Analysis of the Differentiation of Adult Neural Stem and Progenitor Cells Post Treatment with the ASH1 Transcription Factor

Abstract

Adult neural stem and progenitor cells hold the potential to regenerate lost tissue following injury or disease to the central nervous system. Before these cells can be used to regenerate tissue, they must be instructed to differentiate into the appropriate cell type. The objectives of this thesis were to investigate the differentiation induced from the proneural transcription factor ASH1 with an intracellular delivery mechanism in adult neural stem and progenitor cells cultured in vitro and to develop an in-house biosensor capable of detecting the neurotransmitter glutamate from non-myelinated axons. It was demonstrated that the addition of the cell permeable ASH1 promoted neurogenesis in neural stem and progenitor cells after two weeks of cell culture.
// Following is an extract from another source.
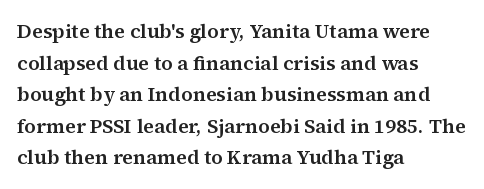
The baseline area is clear. The letterforms sit shoulder to shoulder at normal distance. Each line starts at the same left margin while the right side varies. You can tell it's not italic because the verticals are truly vertical.

Patch-clamp electrophysiology and immunocytochemistry were used to verify that the cells were differentiating into neurons. Although the cells did not develop into mature neurons capable of generating action potentials, they showed neuronal characteristics including the expression of neurofilament and the presence of voltage-gated Na+ channels. In addition, it was shown, using patch-clamp electrophysiology on HEK293T cells transduced to express the glutamate ionotropic receptor GRIK3, that glutamate can be detected in the bath solution. This work shows that HASH1 can be used to induce neuronal differentiation in adult neural stem and progenitor cells in vitro and the inhouse biosensor can be used to detect potential glutamate release from axons of neurons generated by ASH1.